Se formula como un saludo de bienvenida propio de septiembre. Es educado y amable, pero, como la mayoría de las pautas de cortesía, tienen su momento y lugar. Hacerlo el día 2 de septiembre es óptimo y a partir de aquí, cada día que pasa, empieza a perder idoneidad hasta que puede resultar absolutamente extemporáneo y absurdo.
Reconozco que cruzar esa línea fina me produce algo de ansiedad, tanto como cometer el escandaloso error de preguntárselo a alguien dos veces, que es lo mínimo que te puede pasar cuando, en realidad, te importa un bledo como le hayan ido las vacaciones a tu interlocutor.
Hay que tener en cuenta, además, que solo un 20% de los españoles optamos por hacer el descanso anual en este mes de agosto. Así que no es verdad que se pare el mundo. Lo que pasa es que los seres humanos somos sociales, sí; pero también un tanto endogámicos y, al final, nuestro círculo de amigos y familiares es muy similar. Por eso, preguntar en septiembre “¿qué tal las vacaciones?” define tu estatus social, delatando que difícilmente serás camarero, policía, sanitario o técnico de una compañía de suministros como la luz, el agua, el gas o la telefonía; y delimita tu edad porque si fueras jubilado, no te podrían hacer la pregunta en el noveno mes ya que es el que hubieras escogido para desaparecer y si tuvieras menos de cuarenta también habría muchas opciones de que hubieras optado por julio para descansar.
En cualquier caso y, aunque no tenga datos objetivos contrastables y fiables, me atrevo a afirmar que las respuestas han empezado por un “Bien”, “Genial”, “De lujo” o similar.
Normalmente, con esa respuesta uno va sobrado, pero algún despistado, tras ello va a explayarse en detalles y, a pesar de lo que parecía indicar el inicio de su perorata, acabará informando de algún incidente. Es lógico, todos buscamos que nos escuchen y genera mucha más expectación explicar un problema o una fatalidad. Se llama sesgo de negatividad y describe la tendencia humana a prestar más atención y dar mayor peso a las experiencias, eventos o informaciones negativas en comparación con las positivas.
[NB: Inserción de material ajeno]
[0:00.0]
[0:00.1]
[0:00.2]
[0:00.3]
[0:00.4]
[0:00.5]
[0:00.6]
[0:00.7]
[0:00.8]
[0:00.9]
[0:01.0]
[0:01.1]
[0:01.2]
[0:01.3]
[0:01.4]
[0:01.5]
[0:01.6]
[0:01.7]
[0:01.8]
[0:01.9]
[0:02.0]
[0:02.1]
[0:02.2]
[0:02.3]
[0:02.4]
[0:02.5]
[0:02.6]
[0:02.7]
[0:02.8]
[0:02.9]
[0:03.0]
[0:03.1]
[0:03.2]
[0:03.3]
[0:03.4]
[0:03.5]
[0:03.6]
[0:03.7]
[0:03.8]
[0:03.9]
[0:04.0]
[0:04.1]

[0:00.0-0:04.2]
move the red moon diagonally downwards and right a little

Los políticos, los periodistas y los twitteros profesionales se lo saben de memoria.
Así que quizás nos expliquen que les pilló la Dana en las Baleares y tuvieron que dormir en el suelo del aeropuerto porque los hoteles, en cuestión de segundos, cuatriplicaron sus precios y siguieron haciéndolo a medida que más desgraciados consultaban internet y el logaritmo detectaba el crecimiento de la demanda ergo aquí puedo cobrar yo lo que me dé la gana.
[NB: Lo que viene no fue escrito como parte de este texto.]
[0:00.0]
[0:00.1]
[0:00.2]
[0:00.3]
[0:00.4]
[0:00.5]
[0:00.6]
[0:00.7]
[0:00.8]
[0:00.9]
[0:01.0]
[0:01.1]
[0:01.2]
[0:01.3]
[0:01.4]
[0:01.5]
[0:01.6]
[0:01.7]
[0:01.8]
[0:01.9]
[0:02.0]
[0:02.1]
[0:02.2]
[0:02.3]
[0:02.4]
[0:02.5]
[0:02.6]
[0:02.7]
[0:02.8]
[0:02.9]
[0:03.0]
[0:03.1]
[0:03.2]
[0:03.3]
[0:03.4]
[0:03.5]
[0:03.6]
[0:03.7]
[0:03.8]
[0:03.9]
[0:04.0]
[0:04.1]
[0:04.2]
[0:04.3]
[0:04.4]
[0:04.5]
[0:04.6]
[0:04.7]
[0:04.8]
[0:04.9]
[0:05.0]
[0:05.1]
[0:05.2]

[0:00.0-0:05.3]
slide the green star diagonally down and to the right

La conversación puede acabar en una crítica feroz contra las compañías aéreas incapaces de prever fenómenos atmosféricos desproporcionados, porque intentar hablar de que quizás debería ponerse coto a la especulación sería escorar hacia la izquierda y mencionar como aumentan los efectos del cambio climático es ponerse pesado.
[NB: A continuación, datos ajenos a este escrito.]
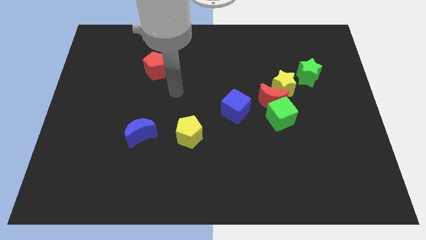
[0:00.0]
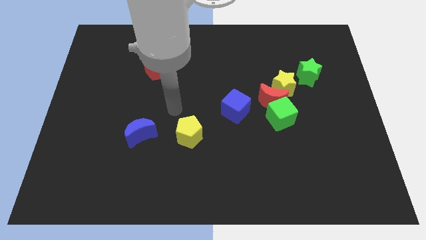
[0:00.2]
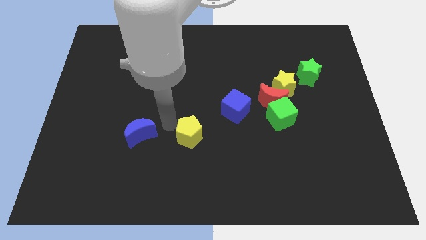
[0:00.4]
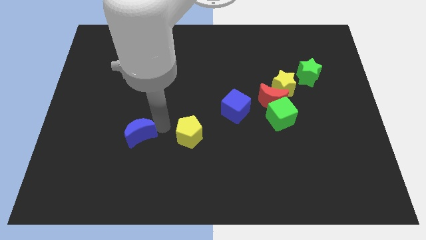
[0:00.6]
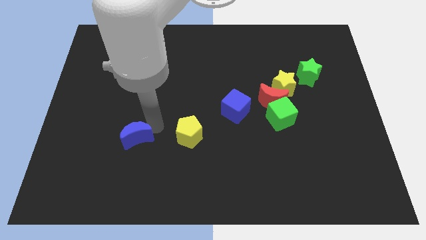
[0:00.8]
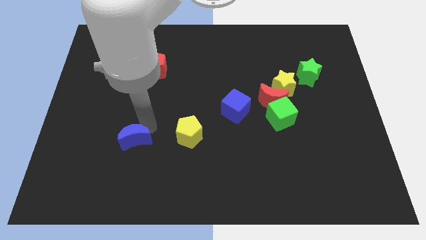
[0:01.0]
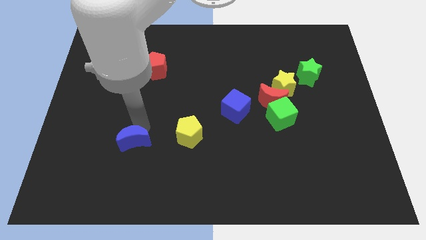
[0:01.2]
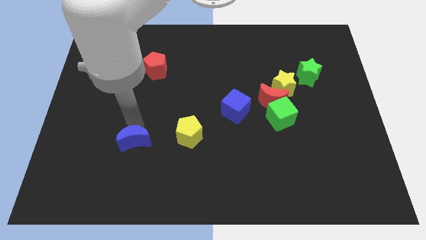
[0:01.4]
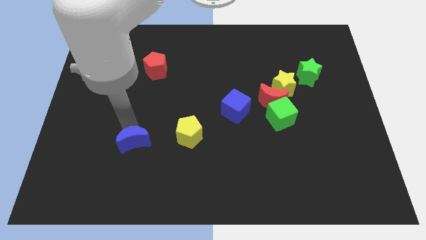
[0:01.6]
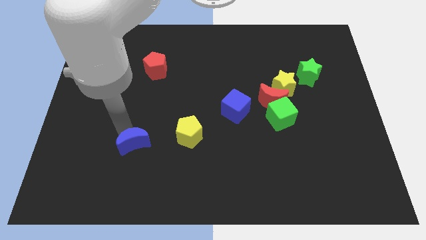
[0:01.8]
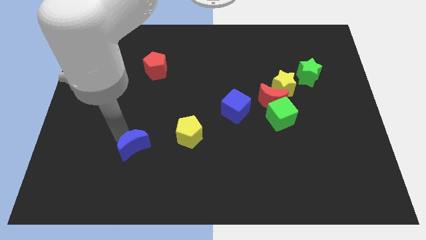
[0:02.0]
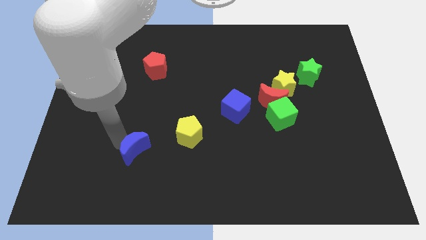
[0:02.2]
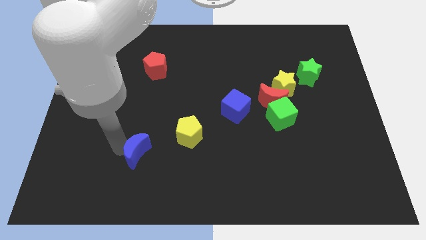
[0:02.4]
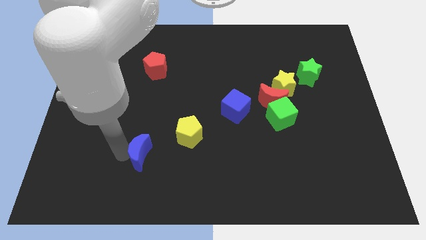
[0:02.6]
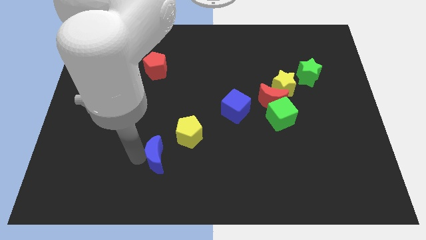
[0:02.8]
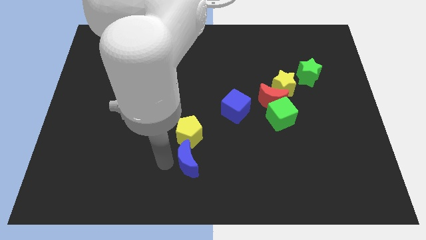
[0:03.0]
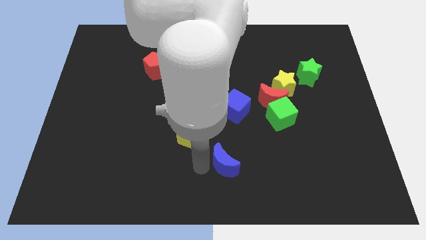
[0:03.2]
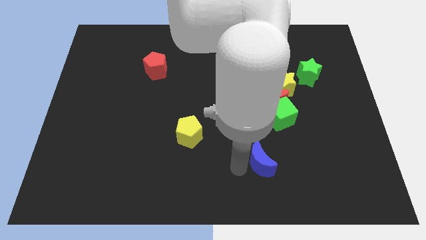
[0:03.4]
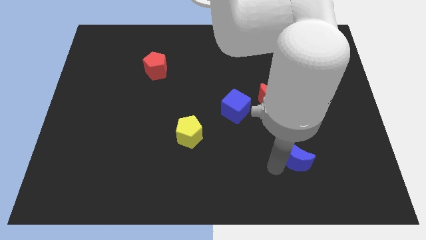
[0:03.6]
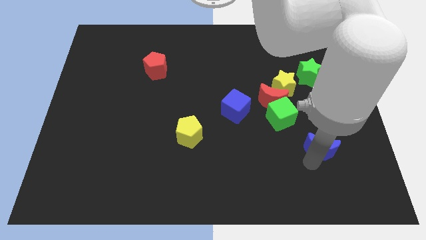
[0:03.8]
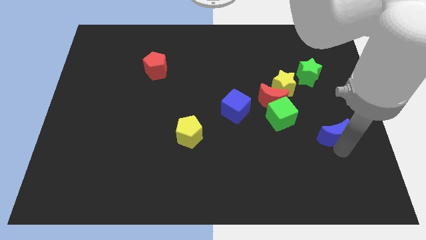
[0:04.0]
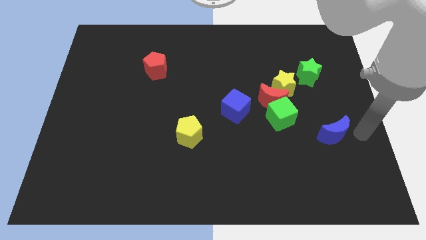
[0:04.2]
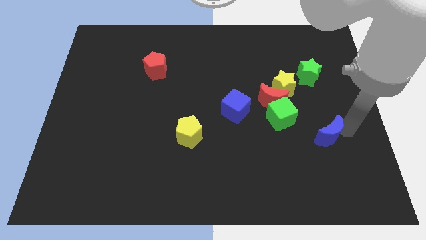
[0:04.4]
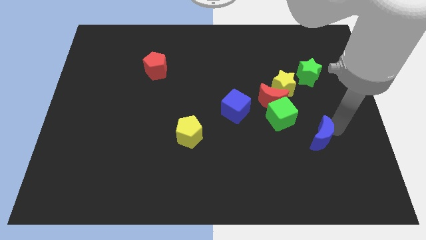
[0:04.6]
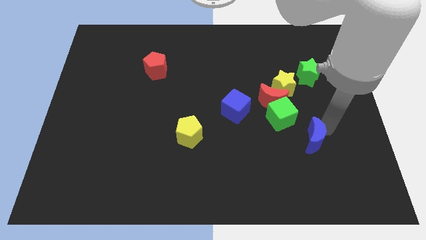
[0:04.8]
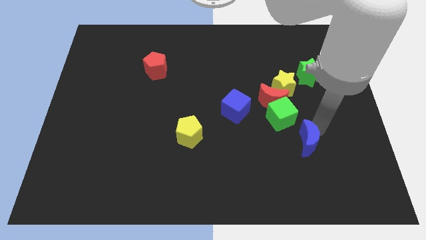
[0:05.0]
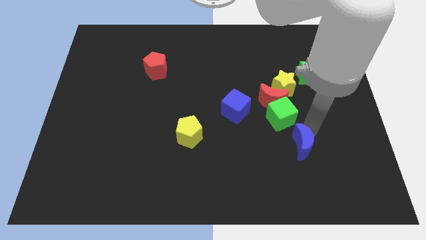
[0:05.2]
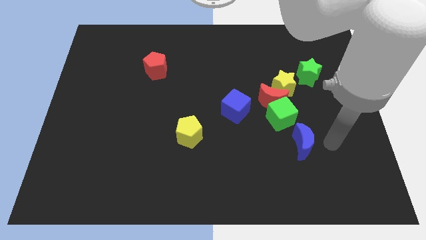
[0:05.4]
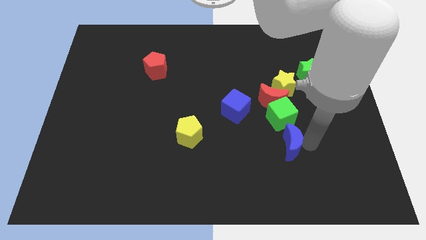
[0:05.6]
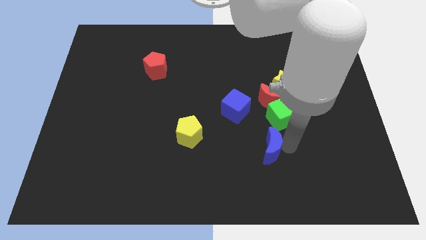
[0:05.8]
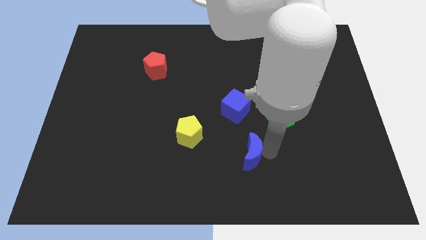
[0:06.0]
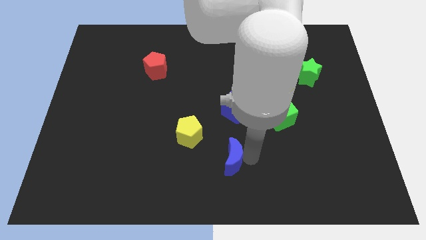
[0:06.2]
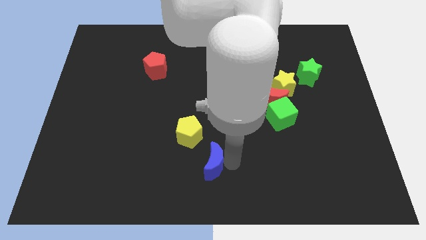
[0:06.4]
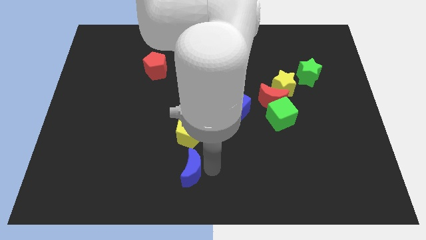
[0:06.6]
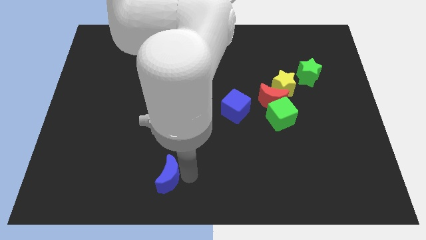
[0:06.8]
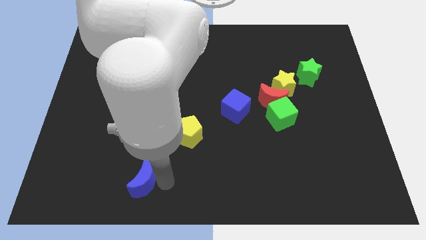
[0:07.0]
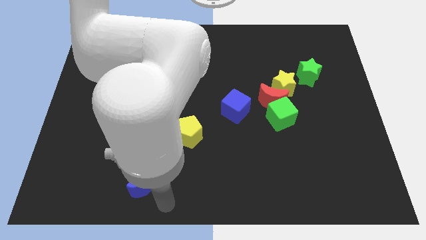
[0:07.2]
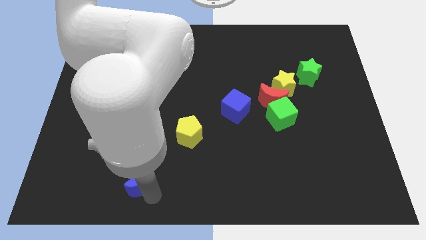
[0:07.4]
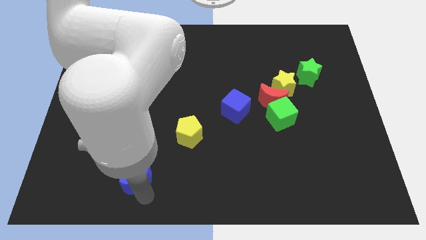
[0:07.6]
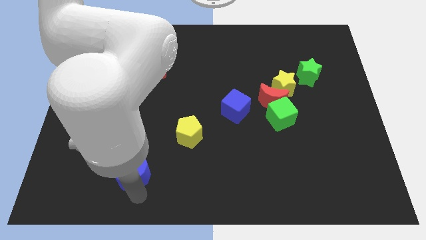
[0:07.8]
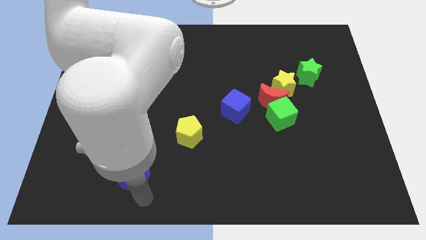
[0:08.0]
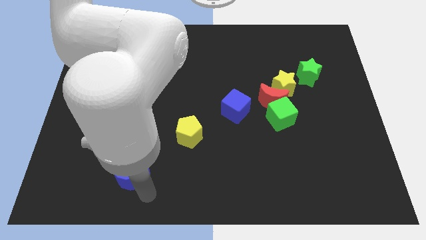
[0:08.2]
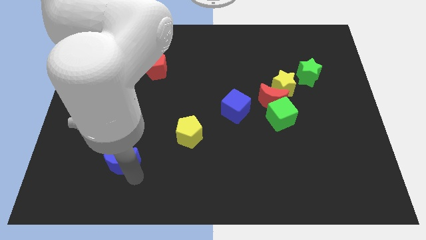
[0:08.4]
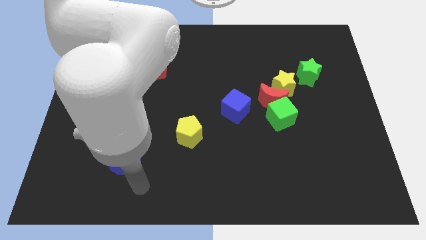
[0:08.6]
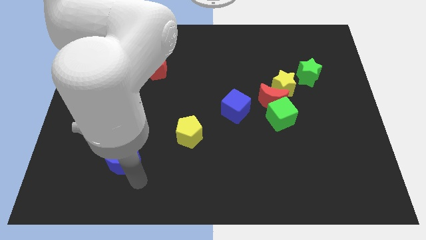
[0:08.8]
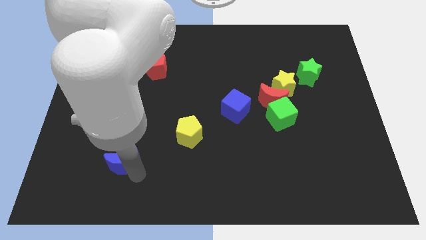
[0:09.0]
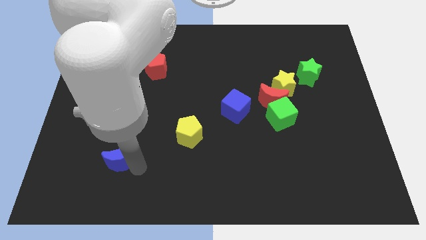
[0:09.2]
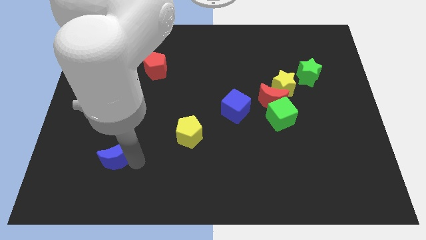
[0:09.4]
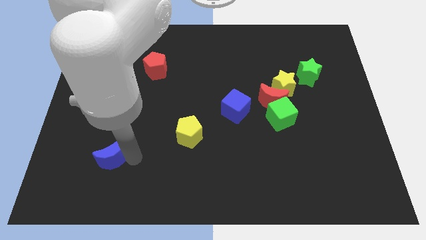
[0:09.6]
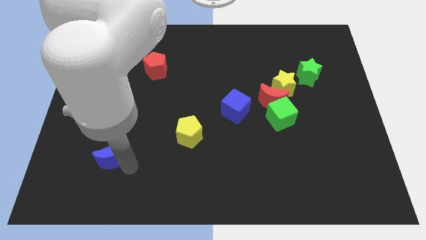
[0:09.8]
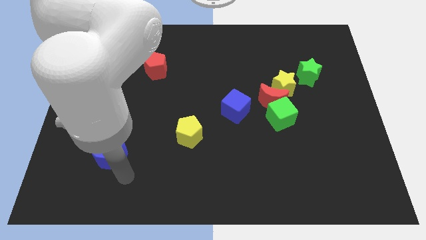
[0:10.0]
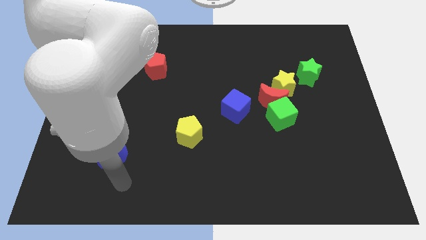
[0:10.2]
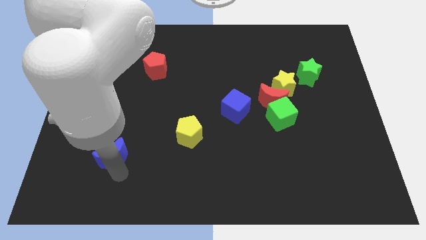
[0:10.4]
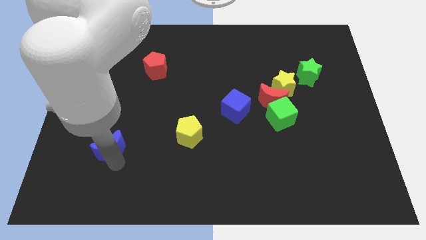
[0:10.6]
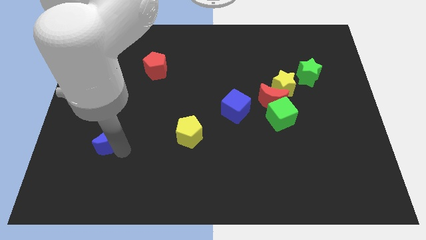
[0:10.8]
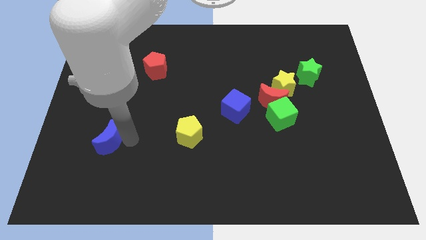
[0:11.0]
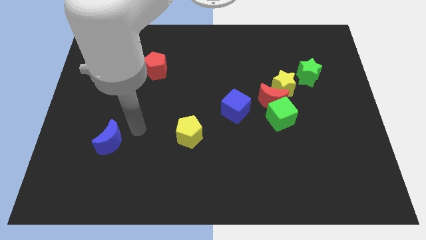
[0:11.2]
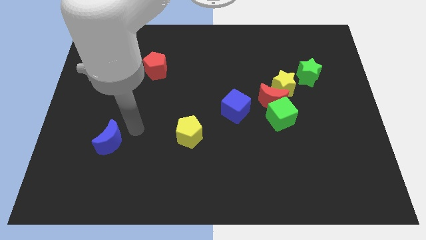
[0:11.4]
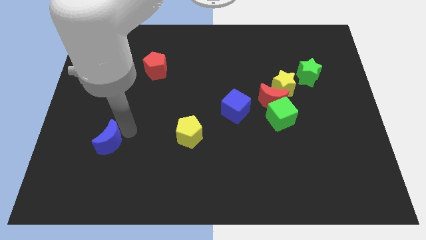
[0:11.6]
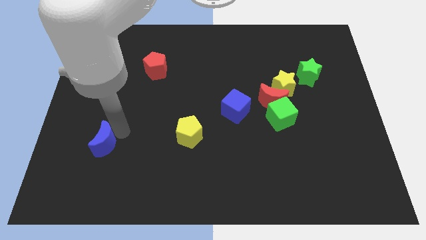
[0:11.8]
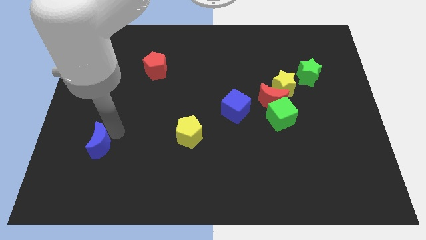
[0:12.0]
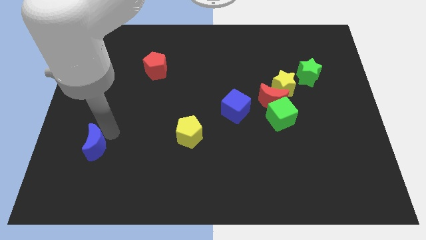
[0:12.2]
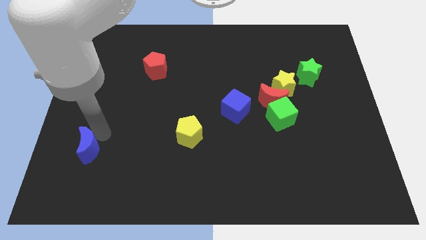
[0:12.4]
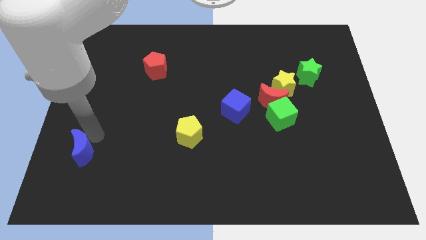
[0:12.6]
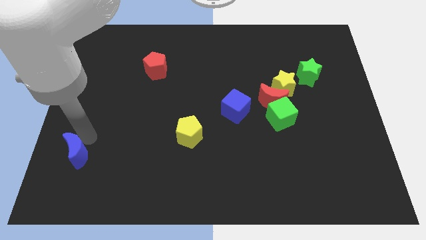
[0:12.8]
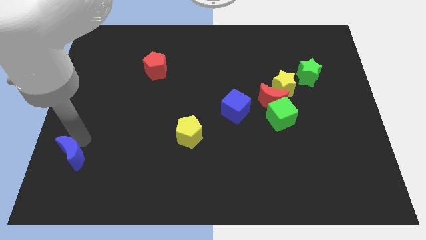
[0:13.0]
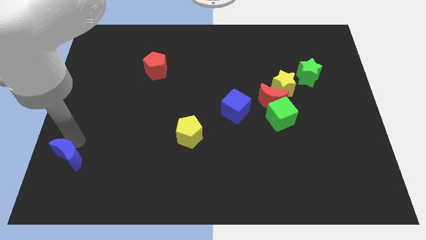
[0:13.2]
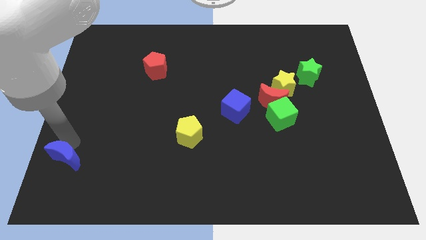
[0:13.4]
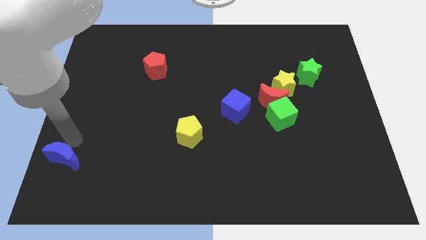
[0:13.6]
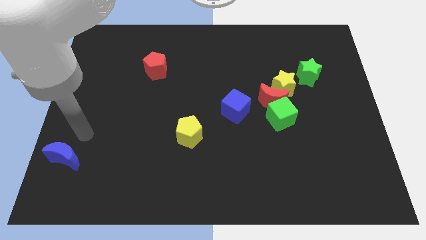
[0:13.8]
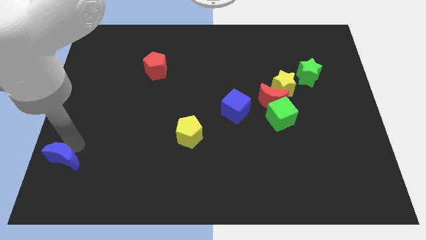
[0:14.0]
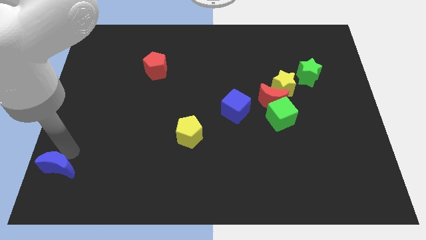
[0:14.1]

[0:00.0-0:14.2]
put the blue moon to the bottom left of the board

Por eso, yo prefiero decir algo así como “Siempre van bien, porque solo con que no suene el despertador ya es suficiente” y evito entrar en la competición de si los días de relax en mi pueblo son mejores o peores que el resort tailandés. A fin de cuentas, esa contienda ya se ha librado en el mundo digital con la publicación de fotos, o reels, o stories o… cualquiera de esas modalidades que me permiten saber al instante por donde veranean mis amigos y conocidos y que confirma que la pregunta solo tiene un objetivo: cumplir con ciertas normas de educación.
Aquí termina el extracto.